The advances in the Bakken came even before recent increase in crude oil prices. Now, the price surge. Wow. 


The Bakken is back: this should be nothing new to those who have been following the Bakken --

The Bakken has its own mineral tracker, Joel Brown, who was among the first graduates of North Dakota’s Petroleum Engineering program in 2013. Brown founded Mineral Tracker to help royalty owners, a service that has since been wrapped into First international Bank and Trust in Watford City.

Since creating Mineral Tracker, Brown often hears is that the Bakken is close to being drilled out. But that’s not at all what Brown is seeing in the data.

The real story is much more complex, but it’s by and large story about innovation, and it’s a story about how the Bakken’s producers are defying the odds against them, despite OPEC-induced downturns that might have crushed them.

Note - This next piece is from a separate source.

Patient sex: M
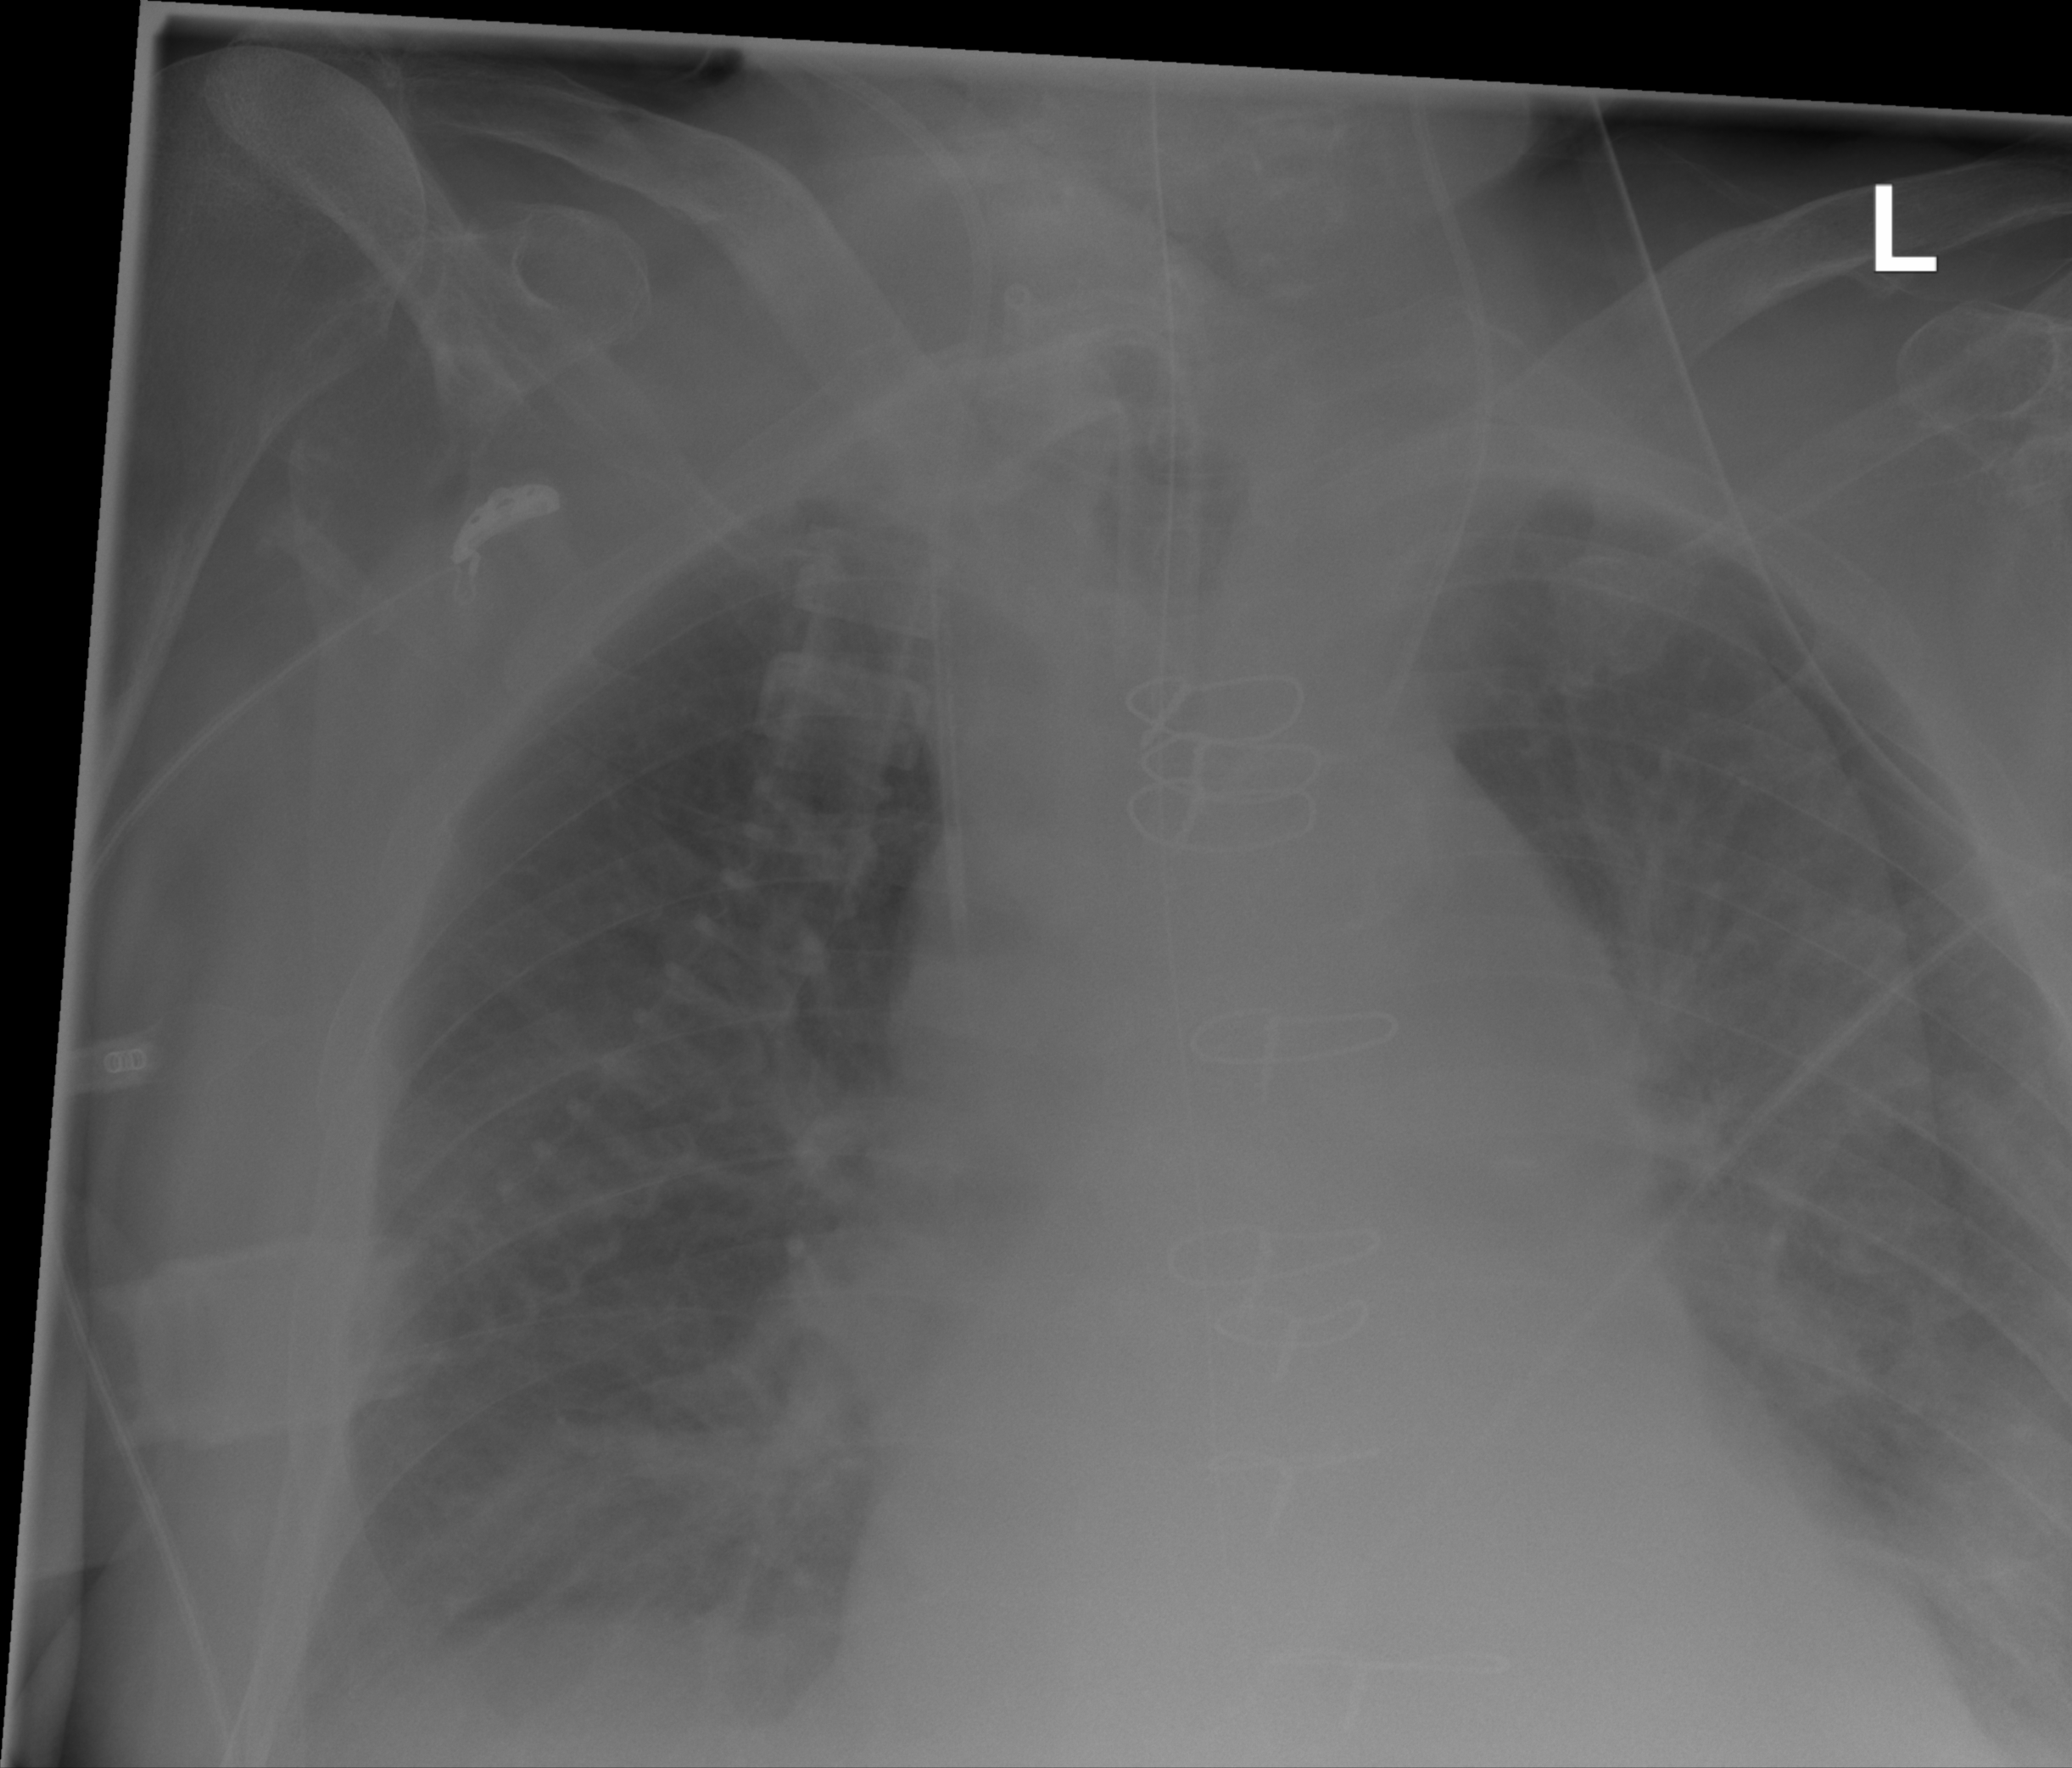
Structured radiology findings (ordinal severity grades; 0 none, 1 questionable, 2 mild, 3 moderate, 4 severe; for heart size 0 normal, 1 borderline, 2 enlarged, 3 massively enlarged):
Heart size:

The core of the Bakken is expanding, Brown said. He sees it most clearly in the estimated ultimate recovery figures for Bakken wells. From 2014 to 2018, estimated ultimate recoveries for Bakken wells have increased nearly 70 percent.

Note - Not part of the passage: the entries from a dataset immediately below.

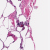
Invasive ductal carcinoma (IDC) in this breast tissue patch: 0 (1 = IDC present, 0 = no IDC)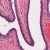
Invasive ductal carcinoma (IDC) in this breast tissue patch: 0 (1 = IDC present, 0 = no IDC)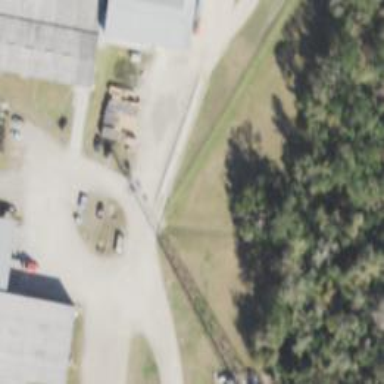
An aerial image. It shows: Weighbridge facility.
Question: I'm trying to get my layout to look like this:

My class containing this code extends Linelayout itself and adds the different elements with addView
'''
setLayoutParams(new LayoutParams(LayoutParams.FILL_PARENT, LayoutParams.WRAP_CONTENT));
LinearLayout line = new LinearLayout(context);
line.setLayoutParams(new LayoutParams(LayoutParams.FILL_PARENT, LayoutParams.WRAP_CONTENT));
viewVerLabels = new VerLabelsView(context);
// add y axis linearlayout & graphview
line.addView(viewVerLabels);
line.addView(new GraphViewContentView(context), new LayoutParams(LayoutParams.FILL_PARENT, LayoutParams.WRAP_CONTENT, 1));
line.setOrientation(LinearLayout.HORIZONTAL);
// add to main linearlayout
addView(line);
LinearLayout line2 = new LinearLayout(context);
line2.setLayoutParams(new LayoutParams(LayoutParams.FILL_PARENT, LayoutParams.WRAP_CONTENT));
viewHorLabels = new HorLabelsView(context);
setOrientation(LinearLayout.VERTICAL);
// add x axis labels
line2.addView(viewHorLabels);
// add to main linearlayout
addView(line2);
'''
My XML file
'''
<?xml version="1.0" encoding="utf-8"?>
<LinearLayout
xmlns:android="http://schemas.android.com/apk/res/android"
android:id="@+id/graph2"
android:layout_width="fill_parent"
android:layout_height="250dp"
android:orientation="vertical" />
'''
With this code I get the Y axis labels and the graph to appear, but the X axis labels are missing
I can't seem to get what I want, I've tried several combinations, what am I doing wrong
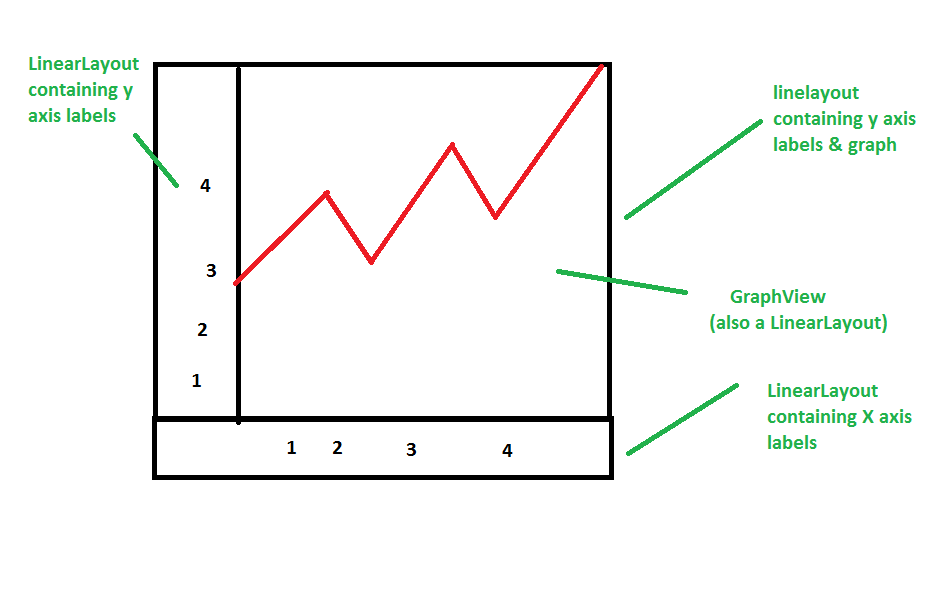
Answer: Here's my code that allowed me to get round the problem
'''
graphViewStyle = new GraphViewStyle();
paint = new Paint();
graphSeries = new ArrayList<GraphViewSeries>();
setLayoutParams(new LayoutParams(LayoutParams.FILL_PARENT, LayoutParams.WRAP_CONTENT));
setOrientation(LinearLayout.VERTICAL);
LinearLayout line = new LinearLayout(context);
line.setLayoutParams(new LayoutParams(LayoutParams.FILL_PARENT, LayoutParams.WRAP_CONTENT));
line.setOrientation(LinearLayout.HORIZONTAL);
LinearLayout line2 = new LinearLayout(context);
line2.setLayoutParams(new LayoutParams(LayoutParams.FILL_PARENT, LayoutParams.WRAP_CONTENT));
line2.setOrientation(LinearLayout.HORIZONTAL);
txt = new TextView(mContext);
addView(txt);
GraphViewContentView graphContentView = new GraphViewContentView(context);
graphContentView.setLayoutParams(new LayoutParams(LayoutParams.WRAP_CONTENT, 260, 1));
line.addView(graphContentView);
viewVerLabels = new VerLabelsView(context);
viewVerLabels.setLayoutParams(new LayoutParams(30, 260));
viewHorLabels = new HorLabelsView(context);
viewHorLabels.setLayoutParams(new LayoutParams(LayoutParams.WRAP_CONTENT, 15));
line.addView(viewVerLabels);
addView(line);
line2.addView(viewHorLabels);
TextView v = new TextView(context);
v.setLayoutParams(new LayoutParams(30, 15));
line2.addView(v);
addView(line2);
'''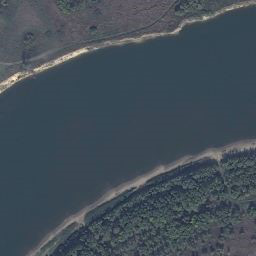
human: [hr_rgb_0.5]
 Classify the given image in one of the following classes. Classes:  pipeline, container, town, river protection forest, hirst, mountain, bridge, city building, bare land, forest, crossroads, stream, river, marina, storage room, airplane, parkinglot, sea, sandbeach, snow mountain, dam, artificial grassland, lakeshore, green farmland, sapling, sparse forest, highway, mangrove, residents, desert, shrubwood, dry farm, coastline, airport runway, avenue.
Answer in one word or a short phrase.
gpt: river
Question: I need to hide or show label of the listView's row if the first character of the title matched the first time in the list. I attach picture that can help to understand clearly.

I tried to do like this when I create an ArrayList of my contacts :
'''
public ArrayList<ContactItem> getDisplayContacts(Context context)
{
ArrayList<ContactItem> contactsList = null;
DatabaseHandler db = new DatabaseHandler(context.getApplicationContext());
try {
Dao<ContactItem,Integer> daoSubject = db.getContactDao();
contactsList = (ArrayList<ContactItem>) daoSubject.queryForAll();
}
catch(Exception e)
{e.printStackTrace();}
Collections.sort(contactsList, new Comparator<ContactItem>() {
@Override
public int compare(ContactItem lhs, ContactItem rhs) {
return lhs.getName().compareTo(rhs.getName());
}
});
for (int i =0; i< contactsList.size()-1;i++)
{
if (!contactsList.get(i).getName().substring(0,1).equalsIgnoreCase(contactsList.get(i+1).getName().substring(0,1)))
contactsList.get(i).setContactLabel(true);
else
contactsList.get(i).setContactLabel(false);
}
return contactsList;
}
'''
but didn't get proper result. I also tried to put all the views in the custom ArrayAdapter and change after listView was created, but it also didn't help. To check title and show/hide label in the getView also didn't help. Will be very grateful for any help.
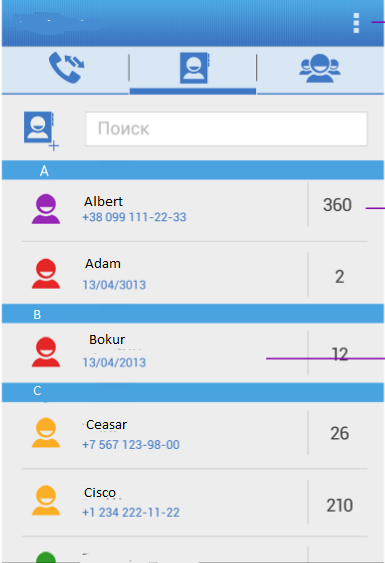
Answer: First of all - remember all the positions where the 'letter-item' should be. For 'a' it would be most probably 0, for 'b' = number of 'a'-started names, for 'c' = 'b' postition + number of 'b'-started items and so on. Let this to be a SparseArray with String type.
When you got all of this, you should put all your data to SparseArray, where each item inex would be adjusted to previous calculation. For example, Alex - 1(0 is for 'a'-label,), Bob - 3(2 is for 'b'-label) and so on.
Then you write custom adapter and override method
'''
public View getView(int position, View convertView, ViewGroup parent)
'''
so, as if 'position' contains in the first array, you return 'label'-view with proper latter, otherwise, you get a common row item by accessing the second array.
English is not my native, so it might be hard to understand something - don't hesitate to ask questions.
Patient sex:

A well drilled in 2013 averaged an EUR of around 240,000 barrels of oil. That had been the average for the 10 years prior, too.

But in 2020, Brown has been seeing much higher EURs. The new average for the state is more like 580,000 barrels. That, in turn, has changed break-evens from what used to be a $70 average to more like $37 per barrel.

In the Ross region, for example, just north of Parshall field, which was one of the first areas in North Dakota that saw prolific Bakken production.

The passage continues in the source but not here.